Ein simpler gestrickter Angriff würde so funktionieren, dass man versucht, dem Opfer einen präparierten Spielstand unterzuschieben. Da viele Modding-Seiten das Teilen von Spielständen erlauben – etwa um sich besonders viel Gold in einem RPG zu er-cheaten oder um einen besonders harten Boss Fight zu umgehen – ist auch diese Angriffstaktik gar nicht so weit hergeholt. Auch wenn sie sich nicht zur wurmartigen Verbreitung eignet.
Was Spieleentwickler tun können

Die im Blog-Artikel der Modzero-Forscher genannten Spiele sind bereits gegen die beschriebenen Angriffe abgesichert worden. Ähnliche Sicherheitslücken werden aber trotzdem nach wie vor in vielen anderen Spielen stecken – und nicht nur bei Spielen, die auf der Steam-Plattform vertrieben werden. Generell ist jedes in .Net geschriebene Spiel für das von den Forschern beschriebene Problem anfällig.

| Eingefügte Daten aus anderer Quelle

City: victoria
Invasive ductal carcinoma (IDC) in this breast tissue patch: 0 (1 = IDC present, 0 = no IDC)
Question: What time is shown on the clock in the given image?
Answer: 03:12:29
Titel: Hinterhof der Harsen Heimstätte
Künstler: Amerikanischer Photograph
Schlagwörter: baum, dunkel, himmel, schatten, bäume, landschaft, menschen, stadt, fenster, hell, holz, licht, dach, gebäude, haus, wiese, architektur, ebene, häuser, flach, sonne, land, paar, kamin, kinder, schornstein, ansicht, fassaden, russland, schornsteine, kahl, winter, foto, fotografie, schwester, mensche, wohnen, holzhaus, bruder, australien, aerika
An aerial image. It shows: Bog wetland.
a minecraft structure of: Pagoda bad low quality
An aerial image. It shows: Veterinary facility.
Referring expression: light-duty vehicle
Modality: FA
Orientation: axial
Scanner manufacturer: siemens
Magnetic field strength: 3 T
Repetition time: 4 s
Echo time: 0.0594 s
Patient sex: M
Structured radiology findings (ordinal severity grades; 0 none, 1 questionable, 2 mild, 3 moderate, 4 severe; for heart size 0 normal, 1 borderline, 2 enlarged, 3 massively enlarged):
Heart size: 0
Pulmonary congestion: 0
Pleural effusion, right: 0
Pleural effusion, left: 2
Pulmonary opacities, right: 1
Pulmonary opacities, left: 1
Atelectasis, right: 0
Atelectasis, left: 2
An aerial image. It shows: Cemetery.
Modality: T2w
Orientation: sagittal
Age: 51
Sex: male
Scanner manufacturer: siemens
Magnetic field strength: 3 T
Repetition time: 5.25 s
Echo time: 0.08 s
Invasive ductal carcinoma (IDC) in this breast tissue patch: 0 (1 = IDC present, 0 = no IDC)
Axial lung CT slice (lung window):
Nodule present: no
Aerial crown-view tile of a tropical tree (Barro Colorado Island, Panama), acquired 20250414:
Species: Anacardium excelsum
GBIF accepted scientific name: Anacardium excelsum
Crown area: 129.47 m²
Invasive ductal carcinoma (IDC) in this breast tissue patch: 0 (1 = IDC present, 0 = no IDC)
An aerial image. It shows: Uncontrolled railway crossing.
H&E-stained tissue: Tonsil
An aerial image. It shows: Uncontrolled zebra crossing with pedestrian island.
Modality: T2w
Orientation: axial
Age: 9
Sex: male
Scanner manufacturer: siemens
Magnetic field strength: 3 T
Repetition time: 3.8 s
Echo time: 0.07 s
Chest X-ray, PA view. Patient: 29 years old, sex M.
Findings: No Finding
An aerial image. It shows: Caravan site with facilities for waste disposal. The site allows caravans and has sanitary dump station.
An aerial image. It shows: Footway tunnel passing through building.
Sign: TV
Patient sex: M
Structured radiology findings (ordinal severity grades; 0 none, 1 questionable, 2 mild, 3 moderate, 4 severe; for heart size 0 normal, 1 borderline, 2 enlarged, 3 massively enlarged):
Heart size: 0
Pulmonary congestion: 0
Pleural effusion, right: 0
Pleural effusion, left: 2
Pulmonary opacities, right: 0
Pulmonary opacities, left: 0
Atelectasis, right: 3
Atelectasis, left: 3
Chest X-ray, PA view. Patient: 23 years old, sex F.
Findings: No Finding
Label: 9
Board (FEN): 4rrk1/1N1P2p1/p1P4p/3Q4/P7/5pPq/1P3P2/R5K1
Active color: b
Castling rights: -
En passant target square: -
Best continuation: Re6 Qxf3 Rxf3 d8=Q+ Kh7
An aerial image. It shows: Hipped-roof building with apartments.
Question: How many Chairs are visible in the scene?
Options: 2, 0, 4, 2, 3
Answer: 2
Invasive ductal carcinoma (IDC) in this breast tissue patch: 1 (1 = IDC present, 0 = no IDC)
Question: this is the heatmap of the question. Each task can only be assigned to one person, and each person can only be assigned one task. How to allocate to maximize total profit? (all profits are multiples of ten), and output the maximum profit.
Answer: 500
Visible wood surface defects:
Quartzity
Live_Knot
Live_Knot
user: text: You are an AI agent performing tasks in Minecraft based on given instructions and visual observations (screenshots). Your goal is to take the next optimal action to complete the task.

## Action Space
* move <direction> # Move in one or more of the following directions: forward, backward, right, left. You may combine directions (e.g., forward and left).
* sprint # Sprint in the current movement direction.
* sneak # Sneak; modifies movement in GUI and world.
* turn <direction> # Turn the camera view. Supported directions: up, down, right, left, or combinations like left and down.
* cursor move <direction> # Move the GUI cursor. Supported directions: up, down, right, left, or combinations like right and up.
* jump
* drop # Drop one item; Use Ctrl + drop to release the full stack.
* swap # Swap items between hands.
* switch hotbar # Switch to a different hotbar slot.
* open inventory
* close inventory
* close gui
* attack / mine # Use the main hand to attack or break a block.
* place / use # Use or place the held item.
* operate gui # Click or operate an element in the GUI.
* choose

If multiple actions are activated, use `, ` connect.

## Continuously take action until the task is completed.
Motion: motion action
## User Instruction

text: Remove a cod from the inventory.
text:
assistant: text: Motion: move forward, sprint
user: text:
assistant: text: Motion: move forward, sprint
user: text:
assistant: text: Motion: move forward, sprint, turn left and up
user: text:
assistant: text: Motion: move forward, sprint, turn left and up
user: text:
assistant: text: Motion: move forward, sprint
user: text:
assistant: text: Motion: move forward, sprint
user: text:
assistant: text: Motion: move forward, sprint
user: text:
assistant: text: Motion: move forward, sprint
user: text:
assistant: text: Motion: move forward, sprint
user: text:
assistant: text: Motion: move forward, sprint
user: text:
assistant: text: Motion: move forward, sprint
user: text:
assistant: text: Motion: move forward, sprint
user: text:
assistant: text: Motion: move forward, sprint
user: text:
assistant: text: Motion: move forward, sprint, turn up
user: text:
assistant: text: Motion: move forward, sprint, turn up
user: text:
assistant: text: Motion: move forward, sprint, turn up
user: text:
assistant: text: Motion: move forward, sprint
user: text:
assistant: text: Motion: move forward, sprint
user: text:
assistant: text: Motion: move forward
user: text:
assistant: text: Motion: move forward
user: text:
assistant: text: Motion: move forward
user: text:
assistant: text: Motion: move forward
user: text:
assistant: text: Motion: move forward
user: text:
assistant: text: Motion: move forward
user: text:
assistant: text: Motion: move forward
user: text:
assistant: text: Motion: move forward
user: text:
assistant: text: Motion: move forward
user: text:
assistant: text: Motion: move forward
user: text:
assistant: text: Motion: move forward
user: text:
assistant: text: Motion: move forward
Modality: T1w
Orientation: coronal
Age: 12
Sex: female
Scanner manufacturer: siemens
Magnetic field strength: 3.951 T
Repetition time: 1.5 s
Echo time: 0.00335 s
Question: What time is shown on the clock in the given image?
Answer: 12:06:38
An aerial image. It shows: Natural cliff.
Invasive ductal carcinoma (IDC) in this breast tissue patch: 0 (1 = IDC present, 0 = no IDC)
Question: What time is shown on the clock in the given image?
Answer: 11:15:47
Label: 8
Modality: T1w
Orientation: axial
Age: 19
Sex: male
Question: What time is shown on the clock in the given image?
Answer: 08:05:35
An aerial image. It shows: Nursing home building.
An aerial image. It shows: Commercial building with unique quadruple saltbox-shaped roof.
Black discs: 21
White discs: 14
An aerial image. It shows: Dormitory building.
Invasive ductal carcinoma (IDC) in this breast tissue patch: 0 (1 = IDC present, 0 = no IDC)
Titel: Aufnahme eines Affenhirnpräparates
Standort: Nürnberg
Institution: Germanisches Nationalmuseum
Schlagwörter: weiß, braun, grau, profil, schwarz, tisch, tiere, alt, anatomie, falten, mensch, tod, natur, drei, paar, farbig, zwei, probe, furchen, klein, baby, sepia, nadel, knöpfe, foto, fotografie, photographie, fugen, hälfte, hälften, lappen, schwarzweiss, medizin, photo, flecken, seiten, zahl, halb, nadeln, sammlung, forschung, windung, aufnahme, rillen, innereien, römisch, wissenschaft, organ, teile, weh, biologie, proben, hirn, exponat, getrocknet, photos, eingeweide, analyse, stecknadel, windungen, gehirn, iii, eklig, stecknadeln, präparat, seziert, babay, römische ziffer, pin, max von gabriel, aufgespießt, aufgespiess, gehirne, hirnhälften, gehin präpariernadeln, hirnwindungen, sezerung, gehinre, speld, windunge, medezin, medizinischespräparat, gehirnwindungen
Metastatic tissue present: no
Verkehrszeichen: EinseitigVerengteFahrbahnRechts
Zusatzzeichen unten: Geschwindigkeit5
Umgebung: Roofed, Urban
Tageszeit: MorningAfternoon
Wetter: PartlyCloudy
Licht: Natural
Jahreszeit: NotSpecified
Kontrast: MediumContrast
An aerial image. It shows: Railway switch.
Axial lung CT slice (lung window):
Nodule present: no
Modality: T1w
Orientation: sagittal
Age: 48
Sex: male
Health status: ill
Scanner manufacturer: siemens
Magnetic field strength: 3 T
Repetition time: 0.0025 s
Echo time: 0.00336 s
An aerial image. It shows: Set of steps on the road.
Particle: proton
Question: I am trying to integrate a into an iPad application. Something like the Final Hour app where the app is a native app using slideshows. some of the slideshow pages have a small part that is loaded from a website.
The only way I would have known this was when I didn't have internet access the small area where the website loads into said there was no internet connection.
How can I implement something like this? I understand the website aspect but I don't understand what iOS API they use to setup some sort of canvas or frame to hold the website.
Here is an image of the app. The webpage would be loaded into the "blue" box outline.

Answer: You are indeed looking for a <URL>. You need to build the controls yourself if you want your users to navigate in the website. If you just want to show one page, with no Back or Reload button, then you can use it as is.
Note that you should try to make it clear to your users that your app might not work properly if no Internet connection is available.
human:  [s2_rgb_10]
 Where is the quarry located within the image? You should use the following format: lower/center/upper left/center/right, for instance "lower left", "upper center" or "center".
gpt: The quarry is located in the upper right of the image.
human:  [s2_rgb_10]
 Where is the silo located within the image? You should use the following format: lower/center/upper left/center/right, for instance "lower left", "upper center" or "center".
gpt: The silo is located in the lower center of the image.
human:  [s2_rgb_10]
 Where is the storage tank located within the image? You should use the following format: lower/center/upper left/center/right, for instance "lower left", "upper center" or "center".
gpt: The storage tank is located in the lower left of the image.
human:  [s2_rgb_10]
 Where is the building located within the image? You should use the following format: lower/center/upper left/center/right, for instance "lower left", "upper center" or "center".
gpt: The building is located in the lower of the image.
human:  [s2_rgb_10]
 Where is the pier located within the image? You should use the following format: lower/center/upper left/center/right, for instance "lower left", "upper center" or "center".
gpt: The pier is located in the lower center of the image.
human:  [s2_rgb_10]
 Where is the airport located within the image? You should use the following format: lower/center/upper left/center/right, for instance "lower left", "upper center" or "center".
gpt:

Das Grundproblem liegt in der BinaryFormatter-Funktion in .Net und den vielen bekannten Unsicherheiten, die dort seit langem schlummern. Die Modzero-Forscher empfehlen Spieleentwicklern, eine sogenannte Binder-Klasse zu verwenden, mit der sich die Arbeitsweise von BinaryFormatter einschränken lässt. Auf diese Weise können Entwickler eine Whitelist für Datentypen erstellen, die sie erwarten und von denen keine Gefahr ausgeht. Unbekannte, eventuell gefährliche Daten werden so gar nicht erst geladen. Die Forscher stellen Beispiel-Quellcode für einen solchen Binder bereit, der alle von ihnen gefundenen Schwachstellen im Keim erstickt.